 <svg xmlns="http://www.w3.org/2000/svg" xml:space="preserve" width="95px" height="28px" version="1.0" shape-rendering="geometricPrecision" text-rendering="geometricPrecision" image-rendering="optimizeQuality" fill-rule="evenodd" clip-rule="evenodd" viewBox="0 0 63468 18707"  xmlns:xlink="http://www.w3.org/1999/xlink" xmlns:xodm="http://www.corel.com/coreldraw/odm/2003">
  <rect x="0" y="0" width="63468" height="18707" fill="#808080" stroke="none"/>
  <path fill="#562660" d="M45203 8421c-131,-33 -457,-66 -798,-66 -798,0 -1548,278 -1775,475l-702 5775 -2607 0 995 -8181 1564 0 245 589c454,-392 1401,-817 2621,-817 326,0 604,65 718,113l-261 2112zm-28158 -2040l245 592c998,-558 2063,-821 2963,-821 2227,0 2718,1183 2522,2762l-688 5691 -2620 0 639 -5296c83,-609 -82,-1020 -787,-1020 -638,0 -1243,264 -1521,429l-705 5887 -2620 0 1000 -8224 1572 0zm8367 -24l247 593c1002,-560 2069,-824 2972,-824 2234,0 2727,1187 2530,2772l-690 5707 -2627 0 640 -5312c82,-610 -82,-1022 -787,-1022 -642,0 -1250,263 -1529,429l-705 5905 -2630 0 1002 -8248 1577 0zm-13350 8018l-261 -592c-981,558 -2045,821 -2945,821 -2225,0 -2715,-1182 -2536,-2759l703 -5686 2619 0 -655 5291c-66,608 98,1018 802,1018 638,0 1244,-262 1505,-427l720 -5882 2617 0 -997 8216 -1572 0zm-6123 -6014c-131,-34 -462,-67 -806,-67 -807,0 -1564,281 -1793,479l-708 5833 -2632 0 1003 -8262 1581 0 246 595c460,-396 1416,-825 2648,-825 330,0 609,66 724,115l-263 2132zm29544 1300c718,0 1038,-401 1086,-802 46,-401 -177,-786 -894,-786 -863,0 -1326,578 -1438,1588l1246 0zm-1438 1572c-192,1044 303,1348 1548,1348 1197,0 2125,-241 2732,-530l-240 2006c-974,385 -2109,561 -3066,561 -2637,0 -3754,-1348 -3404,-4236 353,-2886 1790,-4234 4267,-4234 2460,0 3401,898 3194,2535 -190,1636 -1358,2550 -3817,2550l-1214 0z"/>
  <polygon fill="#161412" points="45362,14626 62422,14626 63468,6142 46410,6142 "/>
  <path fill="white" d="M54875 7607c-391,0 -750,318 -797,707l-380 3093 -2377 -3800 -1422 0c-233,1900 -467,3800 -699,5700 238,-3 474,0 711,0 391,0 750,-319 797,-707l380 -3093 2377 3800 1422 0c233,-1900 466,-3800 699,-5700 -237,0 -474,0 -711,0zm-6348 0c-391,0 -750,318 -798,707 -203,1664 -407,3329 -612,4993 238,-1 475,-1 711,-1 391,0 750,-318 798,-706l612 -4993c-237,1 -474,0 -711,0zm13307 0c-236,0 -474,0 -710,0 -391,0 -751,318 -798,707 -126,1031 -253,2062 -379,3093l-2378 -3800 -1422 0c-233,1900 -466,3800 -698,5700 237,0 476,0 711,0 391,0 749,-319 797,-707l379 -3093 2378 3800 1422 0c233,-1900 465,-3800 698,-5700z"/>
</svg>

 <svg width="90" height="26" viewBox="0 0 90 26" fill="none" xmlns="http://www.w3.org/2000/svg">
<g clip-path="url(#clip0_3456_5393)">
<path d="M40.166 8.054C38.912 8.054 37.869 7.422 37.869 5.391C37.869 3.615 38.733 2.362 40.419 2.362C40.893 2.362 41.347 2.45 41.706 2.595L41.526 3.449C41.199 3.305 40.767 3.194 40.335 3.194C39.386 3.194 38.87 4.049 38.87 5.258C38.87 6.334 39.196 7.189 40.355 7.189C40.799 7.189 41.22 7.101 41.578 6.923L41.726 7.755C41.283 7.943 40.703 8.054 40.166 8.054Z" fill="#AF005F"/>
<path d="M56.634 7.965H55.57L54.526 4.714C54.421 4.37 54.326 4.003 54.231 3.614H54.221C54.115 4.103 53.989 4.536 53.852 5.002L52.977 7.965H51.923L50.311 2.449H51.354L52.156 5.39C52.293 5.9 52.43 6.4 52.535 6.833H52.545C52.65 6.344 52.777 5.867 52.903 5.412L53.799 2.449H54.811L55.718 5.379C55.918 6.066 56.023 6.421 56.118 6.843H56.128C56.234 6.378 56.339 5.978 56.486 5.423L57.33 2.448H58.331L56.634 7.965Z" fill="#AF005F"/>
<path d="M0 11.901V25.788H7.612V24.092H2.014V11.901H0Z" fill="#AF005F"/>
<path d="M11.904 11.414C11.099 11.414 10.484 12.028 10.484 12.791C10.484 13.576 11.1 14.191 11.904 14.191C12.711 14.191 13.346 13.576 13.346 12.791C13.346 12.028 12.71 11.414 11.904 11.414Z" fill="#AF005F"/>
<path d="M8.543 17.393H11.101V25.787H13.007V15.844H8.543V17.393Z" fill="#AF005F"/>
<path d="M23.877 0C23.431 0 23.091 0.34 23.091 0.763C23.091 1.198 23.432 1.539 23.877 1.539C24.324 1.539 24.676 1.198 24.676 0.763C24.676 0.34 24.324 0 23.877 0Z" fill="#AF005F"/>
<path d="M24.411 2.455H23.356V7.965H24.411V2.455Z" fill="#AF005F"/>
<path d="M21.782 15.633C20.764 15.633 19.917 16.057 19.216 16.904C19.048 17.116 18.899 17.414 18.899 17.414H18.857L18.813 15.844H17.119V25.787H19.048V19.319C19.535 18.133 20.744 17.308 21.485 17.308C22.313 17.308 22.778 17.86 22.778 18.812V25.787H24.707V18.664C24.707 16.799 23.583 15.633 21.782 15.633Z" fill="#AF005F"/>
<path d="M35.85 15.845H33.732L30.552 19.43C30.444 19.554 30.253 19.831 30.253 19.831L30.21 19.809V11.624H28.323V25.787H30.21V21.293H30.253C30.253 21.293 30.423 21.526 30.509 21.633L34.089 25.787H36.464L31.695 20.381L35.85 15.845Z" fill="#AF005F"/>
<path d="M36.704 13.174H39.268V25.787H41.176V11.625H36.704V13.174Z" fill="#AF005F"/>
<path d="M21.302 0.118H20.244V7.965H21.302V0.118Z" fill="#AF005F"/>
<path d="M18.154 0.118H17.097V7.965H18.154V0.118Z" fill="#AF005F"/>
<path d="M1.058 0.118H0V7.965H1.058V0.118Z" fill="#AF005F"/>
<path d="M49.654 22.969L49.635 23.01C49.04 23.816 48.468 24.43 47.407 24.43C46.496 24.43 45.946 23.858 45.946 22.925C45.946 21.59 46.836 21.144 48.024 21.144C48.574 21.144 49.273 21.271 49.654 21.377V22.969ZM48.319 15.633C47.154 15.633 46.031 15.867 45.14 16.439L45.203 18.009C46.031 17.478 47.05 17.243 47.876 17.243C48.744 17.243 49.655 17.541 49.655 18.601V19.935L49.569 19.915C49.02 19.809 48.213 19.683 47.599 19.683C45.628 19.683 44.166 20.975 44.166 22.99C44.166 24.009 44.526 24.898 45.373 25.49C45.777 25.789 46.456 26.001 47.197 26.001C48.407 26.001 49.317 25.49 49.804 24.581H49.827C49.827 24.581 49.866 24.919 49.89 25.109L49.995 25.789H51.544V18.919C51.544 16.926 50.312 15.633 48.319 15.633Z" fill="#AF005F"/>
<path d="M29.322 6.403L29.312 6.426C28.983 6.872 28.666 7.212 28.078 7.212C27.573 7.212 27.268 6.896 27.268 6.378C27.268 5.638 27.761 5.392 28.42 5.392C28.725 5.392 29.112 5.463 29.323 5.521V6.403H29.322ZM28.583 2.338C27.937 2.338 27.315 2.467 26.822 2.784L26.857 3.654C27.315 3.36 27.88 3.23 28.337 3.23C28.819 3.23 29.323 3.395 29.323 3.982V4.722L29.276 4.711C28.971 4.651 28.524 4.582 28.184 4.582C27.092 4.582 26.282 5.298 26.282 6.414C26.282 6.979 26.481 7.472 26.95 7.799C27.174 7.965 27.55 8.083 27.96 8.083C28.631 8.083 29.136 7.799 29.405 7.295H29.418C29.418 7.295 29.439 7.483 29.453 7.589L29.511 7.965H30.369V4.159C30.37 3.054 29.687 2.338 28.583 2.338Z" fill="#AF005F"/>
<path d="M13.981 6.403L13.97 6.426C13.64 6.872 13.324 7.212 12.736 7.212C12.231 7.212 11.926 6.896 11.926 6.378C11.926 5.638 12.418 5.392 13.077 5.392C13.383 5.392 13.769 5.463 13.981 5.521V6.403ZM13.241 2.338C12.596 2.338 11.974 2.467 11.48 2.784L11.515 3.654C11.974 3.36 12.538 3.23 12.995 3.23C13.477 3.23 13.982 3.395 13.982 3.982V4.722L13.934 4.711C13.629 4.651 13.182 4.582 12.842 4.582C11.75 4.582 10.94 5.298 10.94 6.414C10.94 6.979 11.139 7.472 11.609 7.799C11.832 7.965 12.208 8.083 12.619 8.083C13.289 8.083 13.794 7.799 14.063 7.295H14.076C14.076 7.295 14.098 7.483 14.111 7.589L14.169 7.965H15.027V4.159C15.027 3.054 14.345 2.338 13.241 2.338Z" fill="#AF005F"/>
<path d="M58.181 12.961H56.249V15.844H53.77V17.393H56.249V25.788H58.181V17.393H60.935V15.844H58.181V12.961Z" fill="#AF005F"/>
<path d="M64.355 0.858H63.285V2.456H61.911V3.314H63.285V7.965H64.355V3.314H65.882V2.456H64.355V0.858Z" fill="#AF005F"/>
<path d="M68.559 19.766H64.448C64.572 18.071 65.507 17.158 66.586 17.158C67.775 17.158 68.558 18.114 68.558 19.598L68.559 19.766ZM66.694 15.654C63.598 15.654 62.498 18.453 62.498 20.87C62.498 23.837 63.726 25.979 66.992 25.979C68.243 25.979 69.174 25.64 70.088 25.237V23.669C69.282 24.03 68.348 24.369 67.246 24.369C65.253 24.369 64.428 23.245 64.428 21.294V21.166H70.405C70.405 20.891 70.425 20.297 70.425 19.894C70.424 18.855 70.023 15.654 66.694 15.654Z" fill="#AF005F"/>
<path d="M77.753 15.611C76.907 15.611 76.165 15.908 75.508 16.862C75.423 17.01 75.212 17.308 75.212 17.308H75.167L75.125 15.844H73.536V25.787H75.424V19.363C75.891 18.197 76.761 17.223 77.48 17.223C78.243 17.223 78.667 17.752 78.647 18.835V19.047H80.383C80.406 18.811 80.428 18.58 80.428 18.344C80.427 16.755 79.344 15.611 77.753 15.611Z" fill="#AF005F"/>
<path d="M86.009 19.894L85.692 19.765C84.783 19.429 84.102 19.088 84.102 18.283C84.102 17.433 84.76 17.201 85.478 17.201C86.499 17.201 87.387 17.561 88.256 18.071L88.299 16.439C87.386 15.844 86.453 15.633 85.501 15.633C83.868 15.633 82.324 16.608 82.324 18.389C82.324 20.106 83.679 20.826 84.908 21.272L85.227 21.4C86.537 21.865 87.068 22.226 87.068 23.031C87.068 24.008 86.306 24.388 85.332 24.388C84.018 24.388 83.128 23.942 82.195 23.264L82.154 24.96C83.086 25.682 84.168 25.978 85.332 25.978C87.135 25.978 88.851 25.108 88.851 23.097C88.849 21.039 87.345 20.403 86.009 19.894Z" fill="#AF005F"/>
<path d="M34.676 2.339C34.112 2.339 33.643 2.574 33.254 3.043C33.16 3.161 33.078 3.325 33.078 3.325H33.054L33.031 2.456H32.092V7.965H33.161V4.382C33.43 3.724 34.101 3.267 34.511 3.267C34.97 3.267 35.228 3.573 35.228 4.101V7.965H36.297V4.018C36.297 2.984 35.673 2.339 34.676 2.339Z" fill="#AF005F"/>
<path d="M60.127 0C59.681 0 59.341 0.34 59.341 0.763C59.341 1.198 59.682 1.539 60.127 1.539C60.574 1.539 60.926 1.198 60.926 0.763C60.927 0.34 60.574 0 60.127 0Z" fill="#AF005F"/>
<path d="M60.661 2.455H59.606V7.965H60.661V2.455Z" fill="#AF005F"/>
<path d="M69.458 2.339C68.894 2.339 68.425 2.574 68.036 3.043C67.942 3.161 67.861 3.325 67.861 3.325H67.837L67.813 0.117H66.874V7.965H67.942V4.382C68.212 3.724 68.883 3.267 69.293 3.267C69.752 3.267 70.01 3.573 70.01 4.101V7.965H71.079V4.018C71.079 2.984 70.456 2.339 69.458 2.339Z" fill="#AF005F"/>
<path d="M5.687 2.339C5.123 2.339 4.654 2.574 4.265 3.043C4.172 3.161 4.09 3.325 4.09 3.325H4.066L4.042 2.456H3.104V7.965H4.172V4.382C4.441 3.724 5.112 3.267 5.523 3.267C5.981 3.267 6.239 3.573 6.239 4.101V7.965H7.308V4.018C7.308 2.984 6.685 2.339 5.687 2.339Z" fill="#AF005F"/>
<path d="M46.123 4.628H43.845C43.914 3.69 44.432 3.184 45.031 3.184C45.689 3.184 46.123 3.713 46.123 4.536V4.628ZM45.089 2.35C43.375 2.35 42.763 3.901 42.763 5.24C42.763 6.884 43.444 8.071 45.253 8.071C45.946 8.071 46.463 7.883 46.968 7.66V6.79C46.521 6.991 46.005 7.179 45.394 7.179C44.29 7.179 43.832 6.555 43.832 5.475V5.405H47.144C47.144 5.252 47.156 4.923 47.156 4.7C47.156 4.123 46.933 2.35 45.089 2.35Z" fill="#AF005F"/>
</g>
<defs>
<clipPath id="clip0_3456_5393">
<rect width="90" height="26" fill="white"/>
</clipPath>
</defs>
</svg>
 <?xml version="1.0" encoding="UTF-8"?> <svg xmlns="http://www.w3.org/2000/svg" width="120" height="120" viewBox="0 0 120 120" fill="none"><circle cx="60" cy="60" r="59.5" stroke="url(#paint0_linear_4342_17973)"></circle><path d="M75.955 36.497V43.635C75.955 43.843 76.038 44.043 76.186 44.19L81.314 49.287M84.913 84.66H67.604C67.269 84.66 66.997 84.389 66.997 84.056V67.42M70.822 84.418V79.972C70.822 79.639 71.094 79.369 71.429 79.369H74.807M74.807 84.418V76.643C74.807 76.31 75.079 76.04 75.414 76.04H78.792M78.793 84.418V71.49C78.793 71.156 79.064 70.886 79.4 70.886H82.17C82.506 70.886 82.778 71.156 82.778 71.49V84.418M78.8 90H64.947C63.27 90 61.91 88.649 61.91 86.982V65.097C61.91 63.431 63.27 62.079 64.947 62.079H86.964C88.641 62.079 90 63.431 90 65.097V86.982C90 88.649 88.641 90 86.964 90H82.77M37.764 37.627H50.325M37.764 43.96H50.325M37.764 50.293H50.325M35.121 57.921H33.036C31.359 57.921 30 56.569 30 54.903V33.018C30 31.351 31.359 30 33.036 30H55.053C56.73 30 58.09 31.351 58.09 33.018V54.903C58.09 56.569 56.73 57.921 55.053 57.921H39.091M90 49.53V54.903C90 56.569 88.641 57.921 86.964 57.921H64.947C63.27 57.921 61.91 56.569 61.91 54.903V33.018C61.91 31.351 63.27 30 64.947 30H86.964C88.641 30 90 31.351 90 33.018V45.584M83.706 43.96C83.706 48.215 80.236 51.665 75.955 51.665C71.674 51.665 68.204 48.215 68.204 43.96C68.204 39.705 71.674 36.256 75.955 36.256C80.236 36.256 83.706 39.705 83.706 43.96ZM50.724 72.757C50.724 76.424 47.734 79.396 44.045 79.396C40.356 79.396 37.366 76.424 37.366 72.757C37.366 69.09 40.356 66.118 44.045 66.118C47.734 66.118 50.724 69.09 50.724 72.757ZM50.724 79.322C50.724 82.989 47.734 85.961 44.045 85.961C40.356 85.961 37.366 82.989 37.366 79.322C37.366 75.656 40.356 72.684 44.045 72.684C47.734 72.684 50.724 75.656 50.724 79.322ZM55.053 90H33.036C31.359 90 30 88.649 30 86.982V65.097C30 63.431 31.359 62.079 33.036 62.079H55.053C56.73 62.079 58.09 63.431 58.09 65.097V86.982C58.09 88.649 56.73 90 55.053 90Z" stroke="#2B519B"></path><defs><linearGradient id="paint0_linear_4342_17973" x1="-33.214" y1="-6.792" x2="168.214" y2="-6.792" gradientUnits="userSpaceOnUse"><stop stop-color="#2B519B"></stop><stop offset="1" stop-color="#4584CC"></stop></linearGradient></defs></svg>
——————
=== Work task ===
Set down verbatim only the lines between the start of the data above and the line with "62422,14626 63468,6142 46410,6142", both boundaries included.

=== Output of the task ===
 <svg xmlns="http://www.w3.org/2000/svg" xml:space="preserve" width="95px" height="28px" version="1.0" shape-rendering="geometricPrecision" text-rendering="geometricPrecision" image-rendering="optimizeQuality" fill-rule="evenodd" clip-rule="evenodd" viewBox="0 0 63468 18707"  xmlns:xlink="http://www.w3.org/1999/xlink" xmlns:xodm="http://www.corel.com/coreldraw/odm/2003">
  <rect x="0" y="0" width="63468" height="18707" fill="#808080" stroke="none"/>
  <path fill="#562660" d="M45203 8421c-131,-33 -457,-66 -798,-66 -798,0 -1548,278 -1775,475l-702 5775 -2607 0 995 -8181 1564 0 245 589c454,-392 1401,-817 2621,-817 326,0 604,65 718,113l-261 2112zm-28158 -2040l245 592c998,-558 2063,-821 2963,-821 2227,0 2718,1183 2522,2762l-688 5691 -2620 0 639 -5296c83,-609 -82,-1020 -787,-1020 -638,0 -1243,264 -1521,429l-705 5887 -2620 0 1000 -8224 1572 0zm8367 -24l247 593c1002,-560 2069,-824 2972,-824 2234,0 2727,1187 2530,2772l-690 5707 -2627 0 640 -5312c82,-610 -82,-1022 -787,-1022 -642,0 -1250,263 -1529,429l-705 5905 -2630 0 1002 -8248 1577 0zm-13350 8018l-261 -592c-981,558 -2045,821 -2945,821 -2225,0 -2715,-1182 -2536,-2759l703 -5686 2619 0 -655 5291c-66,608 98,1018 802,1018 638,0 1244,-262 1505,-427l720 -5882 2617 0 -997 8216 -1572 0zm-6123 -6014c-131,-34 -462,-67 -806,-67 -807,0 -1564,281 -1793,479l-708 5833 -2632 0 1003 -8262 1581 0 246 595c460,-396 1416,-825 2648,-825 330,0 609,66 724,115l-263 2132zm29544 1300c718,0 1038,-401 1086,-802 46,-401 -177,-786 -894,-786 -863,0 -1326,578 -1438,1588l1246 0zm-1438 1572c-192,1044 303,1348 1548,1348 1197,0 2125,-241 2732,-530l-240 2006c-974,385 -2109,561 -3066,561 -2637,0 -3754,-1348 -3404,-4236 353,-2886 1790,-4234 4267,-4234 2460,0 3401,898 3194,2535 -190,1636 -1358,2550 -3817,2550l-1214 0z"/>
  <polygon fill="#161412" points="45362,14626 62422,14626 63468,6142 46410,6142 "/>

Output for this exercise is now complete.